Logan McRae Crime Series Books 7 and 8
Page 54
‘Of course she did!’ Nichole spun around, hauled the pipe from her mouth and jabbed the man with the end. ‘Look hard enough and you’ll find one on anyone. Give me a knife, a flame, and fifteen minutes, and I’ll find the Devil’s mark on any minister you like.’ Another poke. ‘I’ll find one on you.’
Steel licked her lips. ‘Bet she goes like a jackhammer on a sunny day.’
‘Shhhh!’
Nichole Fyfe spun around and marched past the camera, off the set.
‘Rowan. Rowan! COME BACK HERE!’
Silence.
Zander Clark leaned forward and pressed a button on the microphone mounted beside the monitor. ‘Aaaand, cut! That’s a print, everyone, well done.’
A round of applause rippled through the crew.
Jack stepped up and tapped the director on the shoulder. ‘Sorry, Zander, but the police need to see you?’
A frown crossed the huge face. ‘What do the police …’ He stared straight at Logan. ‘Detective Sergeant McRae!’ And the frown turned into a smile. Now he looked exactly like the photo on the pass dangling from his neck. ‘How nice to see you again, it’s been too long. And have you brought …’ More smiling, and a little clap of the hands. ‘Detective Inspector Steel, how’s your lovely wife?’

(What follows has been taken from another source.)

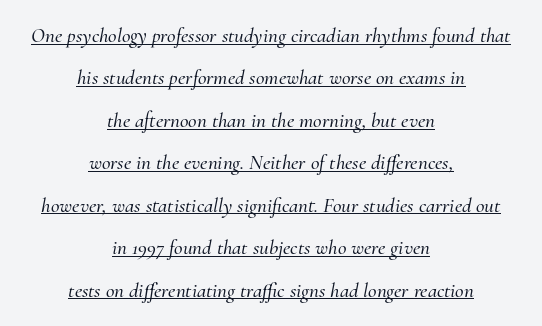
The rendered words wear a rule along their underside. There is no visible air inserted between adjacent glyphs. The font's italic variant was chosen for this text. The lines in this sample share a center point and differ in where they start and stop. This sample trades compactness for vertical openness between lines.
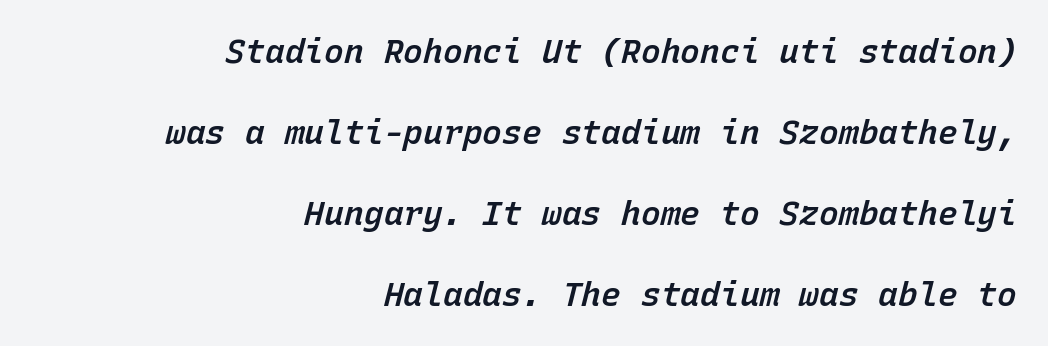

Steel sniffed. ‘How come no one’s got naked yet?’
Blink. Then the smile turned into a grin. ‘No, no, Inspector, haven’t you heard? Those days are behind me: we’re filming a proper Hollywood blockbuster here.’
‘Oh …’ Her shoulders drooped. ‘No bonking at all?’
‘One nude scene, but it’s very artistic and intrinsic to the plot.’ He leaned forward and keyed the microphone again. ‘Charles, Nichole, you were superb. We’re going to set up for three-six-three.’ Then he let go of the button. ‘Now, it’s not that I’m not happy to see you both again, but you wouldn’t believe how much something like this costs every minute, so …?’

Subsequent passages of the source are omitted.